Практическая романтика (Алексеева) - страница 70

Я замолчала, потому Герман вставил:

— Ну и забила бы. Радуйся, что дело дальше не зашло, хотя в том случае его бы точно посадили. А если забить не можешь, так у тебя ж теперь есть в знакомых целый я. Слетаем на пару недель, столицу посмотреть, себя показать. Разыщем этого твоего Андреича и устроим ему торжественную встречу, что у него больше вставать не будет не только на малолеток. Я, может, и не убийца, но душкой-то от этого не стал.

В сердце болезненно кольнуло новым ощущением — я не сразу смогла распознать его природу. Неожиданной благодарностью. Пусть Герман это и предлагал не из-за какого-то благородного отмщения или заботы обо мне, а чтобы лишний раз кого-то помутузить и до Кондратия довести. Здесь-то он уже всех потенциальных жертв перебрал. Но если сейчас соглашусь, то он точно полетит, отпираться от предложения не станет. И ведь доведет, все побережье знает, что этот любого доведет. Сам этот очевиднейший факт не требовал доказательств, потому и вызвал неконтролируемый укол в самое незащищенное место.

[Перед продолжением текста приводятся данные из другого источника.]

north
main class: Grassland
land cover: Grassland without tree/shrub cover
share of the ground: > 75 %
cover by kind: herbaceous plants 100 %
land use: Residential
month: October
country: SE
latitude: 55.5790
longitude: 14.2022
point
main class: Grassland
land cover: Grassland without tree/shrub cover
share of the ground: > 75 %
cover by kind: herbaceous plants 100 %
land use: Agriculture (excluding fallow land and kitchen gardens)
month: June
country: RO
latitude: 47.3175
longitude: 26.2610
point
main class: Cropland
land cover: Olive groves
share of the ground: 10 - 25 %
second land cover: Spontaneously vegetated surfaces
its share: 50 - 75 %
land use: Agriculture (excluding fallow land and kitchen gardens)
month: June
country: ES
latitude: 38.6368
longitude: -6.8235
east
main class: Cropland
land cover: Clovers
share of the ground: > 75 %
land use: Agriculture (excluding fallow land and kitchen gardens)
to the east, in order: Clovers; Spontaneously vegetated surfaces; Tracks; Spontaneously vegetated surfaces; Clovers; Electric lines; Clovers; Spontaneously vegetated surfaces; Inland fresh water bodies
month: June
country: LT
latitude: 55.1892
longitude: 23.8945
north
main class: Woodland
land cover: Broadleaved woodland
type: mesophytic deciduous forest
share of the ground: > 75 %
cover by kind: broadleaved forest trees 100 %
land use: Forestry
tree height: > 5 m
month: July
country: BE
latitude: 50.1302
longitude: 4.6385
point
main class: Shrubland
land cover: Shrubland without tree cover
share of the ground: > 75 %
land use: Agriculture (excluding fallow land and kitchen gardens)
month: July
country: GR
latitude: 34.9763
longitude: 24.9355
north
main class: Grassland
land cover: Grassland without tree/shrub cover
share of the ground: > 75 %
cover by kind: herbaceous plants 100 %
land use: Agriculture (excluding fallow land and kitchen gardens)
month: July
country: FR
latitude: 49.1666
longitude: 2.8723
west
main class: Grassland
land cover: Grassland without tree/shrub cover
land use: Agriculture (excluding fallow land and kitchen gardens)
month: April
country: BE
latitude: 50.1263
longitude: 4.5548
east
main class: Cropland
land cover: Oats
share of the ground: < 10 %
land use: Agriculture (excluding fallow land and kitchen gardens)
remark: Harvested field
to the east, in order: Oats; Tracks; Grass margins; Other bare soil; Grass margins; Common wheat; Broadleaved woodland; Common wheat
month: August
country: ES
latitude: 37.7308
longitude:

Я некоторое время осмысливала это ощущение, которое было мне инородным, мешало. Серело окно с тонкой занавеской, в комнате было душно, но отчего-то никто не подумал включить кондиционер. Сказала я, однако, совершенно другое, никак не связанное с последними мыслями, мне просто захотелось быть правильно понятой до конца:

— Я и забила. Сейчас даже думаю, что он сам отпустил, испугался моей реакции. А значит, небезнадежен. Все ясно, что такие ситуации случаются и, в самом деле, хорошо, что отделалась легким испугом. Просто однажды, после всего этого давления, даже мама сказала: «Доча, а ты точно не преувеличиваешь?». И меня тогда накрыло. Я в самом деле начала думать, что преувеличила, что как будто сама виновата. Все вспоминала, как он после тренировки просил задержаться — и ведь я задерживалась! Трогал меня, жался, а я ни сном, ни духом. Глупая настолько была, слепая? Может, сама ему повод тем самым давала? Юбки короткие носила, улыбалась всем подряд, глазки без разбора строила, красавица хренова, — как это должен был понимать двадцатипятилетний мужчина?

— А-а, понял. Тебя тогда так задавили, что ты ему сама оправдание нашла. Не представляю, но о чем-то подобном слышал.

— Вот именно! — я обрадовалась, что он уловил важное. — И как-то даже спокойно начала воспринимать, что в моем районе, где я родилась, на меня так с негативом и поглядывали: жизнь такому перспективному молодому человеку поломала и как бедным учителям сейчас достается… Сделали со мной, а стыдно мне. Нет, я потом каких-то книг начиталась, даже на форумах жертв насилия сидела, потому поняла, что права я, а не они. Оклемалась. Но выводы свои сделала. О людях, которые даже самому психически здоровому человеку смогут внушить, что именно он болен. Я была рада переехать из Москвы, просто потому что это означало какой-то окончательный финал в той путанице.